I had guests coming to stay for a weekend, and I decided to give them a taster of the true flavour of London - the one that city-breakers seldom sample. 

What better way to show how life is really like in London than to get inside a Londoner's home? So we headed to High Street Kensington, where, not far from the bustling shops, we stepped back in time. Anonymous and unmarked in a street of imposing five-storey Victorian townhouses, Linley Sambourne's House (website: www.rbkc.gov.uk/linleysambournehouse/general/default.asp) would be impossible to spot for those who did not know its location.

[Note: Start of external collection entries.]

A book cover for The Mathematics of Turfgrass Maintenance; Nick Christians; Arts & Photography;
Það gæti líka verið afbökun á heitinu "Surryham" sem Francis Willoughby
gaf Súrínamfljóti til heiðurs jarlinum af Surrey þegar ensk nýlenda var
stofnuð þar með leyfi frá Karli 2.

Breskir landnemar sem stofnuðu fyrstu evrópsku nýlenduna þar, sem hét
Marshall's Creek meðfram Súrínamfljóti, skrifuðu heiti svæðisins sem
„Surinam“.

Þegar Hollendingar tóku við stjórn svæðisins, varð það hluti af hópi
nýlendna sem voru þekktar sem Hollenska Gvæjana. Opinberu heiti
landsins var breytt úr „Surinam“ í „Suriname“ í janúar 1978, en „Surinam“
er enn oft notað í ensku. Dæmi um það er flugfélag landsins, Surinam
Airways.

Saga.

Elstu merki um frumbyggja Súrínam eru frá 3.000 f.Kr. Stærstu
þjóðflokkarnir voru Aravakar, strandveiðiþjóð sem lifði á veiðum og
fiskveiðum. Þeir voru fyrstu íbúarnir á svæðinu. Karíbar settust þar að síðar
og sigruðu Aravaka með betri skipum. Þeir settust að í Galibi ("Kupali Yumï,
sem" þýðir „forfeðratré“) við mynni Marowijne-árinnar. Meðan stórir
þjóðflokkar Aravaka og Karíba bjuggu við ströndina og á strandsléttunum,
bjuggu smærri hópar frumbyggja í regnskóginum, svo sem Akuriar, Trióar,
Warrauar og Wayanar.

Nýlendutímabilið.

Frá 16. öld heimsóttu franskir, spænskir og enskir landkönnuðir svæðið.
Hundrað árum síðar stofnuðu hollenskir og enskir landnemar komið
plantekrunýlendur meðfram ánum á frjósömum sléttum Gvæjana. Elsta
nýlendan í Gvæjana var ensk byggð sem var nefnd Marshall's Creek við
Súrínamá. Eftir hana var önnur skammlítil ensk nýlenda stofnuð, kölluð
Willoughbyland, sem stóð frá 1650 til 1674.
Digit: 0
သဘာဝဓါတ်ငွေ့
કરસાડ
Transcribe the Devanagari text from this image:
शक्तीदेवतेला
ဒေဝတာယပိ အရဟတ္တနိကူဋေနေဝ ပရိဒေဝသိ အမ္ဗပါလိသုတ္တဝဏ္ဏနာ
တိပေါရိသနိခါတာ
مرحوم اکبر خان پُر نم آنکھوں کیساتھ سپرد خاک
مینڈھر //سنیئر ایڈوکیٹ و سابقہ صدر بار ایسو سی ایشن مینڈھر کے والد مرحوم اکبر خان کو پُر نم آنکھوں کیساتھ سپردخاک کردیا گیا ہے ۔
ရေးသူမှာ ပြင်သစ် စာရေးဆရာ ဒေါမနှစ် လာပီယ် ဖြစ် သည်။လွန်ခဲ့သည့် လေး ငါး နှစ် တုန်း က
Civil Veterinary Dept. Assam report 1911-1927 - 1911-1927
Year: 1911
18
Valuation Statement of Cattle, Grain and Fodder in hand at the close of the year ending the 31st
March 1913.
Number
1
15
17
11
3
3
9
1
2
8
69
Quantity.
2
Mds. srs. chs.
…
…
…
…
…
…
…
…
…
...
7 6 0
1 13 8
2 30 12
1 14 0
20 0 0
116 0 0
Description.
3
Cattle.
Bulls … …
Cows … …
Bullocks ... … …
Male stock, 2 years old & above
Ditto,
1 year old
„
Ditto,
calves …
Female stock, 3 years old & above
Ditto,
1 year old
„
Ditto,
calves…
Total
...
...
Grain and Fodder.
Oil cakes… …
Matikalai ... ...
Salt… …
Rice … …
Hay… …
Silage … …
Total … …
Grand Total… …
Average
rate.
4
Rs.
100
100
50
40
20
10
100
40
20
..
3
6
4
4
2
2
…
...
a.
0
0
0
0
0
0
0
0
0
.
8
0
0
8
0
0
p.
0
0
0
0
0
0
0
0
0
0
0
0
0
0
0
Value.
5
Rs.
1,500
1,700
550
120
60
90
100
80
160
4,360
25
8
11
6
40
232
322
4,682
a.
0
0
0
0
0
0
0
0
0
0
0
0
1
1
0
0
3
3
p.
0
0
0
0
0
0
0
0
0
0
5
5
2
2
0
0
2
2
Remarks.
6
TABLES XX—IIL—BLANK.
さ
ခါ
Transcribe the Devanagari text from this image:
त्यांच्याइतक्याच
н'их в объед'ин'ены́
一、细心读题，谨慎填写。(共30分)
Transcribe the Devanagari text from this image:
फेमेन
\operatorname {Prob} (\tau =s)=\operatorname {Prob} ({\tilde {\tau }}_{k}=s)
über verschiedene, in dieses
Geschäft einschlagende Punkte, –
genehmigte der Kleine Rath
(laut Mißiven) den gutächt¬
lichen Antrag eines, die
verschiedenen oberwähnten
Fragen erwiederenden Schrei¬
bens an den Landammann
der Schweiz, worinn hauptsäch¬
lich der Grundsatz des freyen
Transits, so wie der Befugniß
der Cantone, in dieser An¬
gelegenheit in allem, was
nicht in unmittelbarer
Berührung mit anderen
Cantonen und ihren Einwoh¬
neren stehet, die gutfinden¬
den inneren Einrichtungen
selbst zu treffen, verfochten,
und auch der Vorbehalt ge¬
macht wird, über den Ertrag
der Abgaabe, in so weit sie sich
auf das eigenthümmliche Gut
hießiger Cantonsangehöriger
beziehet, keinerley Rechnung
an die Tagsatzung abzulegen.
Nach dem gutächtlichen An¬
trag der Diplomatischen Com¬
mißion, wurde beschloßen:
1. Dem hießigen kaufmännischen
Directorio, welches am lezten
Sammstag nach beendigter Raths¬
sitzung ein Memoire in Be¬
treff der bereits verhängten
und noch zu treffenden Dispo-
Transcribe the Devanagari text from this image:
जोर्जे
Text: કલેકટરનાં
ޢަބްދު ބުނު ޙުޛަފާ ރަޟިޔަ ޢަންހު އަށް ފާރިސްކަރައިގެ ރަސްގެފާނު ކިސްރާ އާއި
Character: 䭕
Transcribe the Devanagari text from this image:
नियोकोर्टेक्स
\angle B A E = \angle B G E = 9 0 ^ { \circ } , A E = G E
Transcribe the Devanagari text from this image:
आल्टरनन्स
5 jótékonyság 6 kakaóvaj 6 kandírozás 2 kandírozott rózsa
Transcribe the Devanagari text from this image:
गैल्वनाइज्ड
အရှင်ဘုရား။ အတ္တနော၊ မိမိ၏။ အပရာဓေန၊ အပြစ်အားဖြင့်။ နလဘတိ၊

At weekends, costumed actors provide intimate tours of this almost entirely preserved former home of the Victorian Punch cartoonist. The front door was opened by the ‘Sambourne's housekeeper' and she quickly ushered us in, concerned that, ‘the neighbours might gossip'. And so began a fascinating insight into life in London for a household during a defining era for the city.

The housekeeper remarked that Mr Sambourne had quite a sense of humour and showed us a stuffed bird in a framed glass dome by the front door and on the opposite wall, behind where the door would swing back, was framed a flattened bird. Every wall in the house was covered with pictures, and we were shown some gaps in the wallpapering, revealed thanks to Mr Sambourne's restless repositioning; the Sambournes, it seems, were also quite frugal.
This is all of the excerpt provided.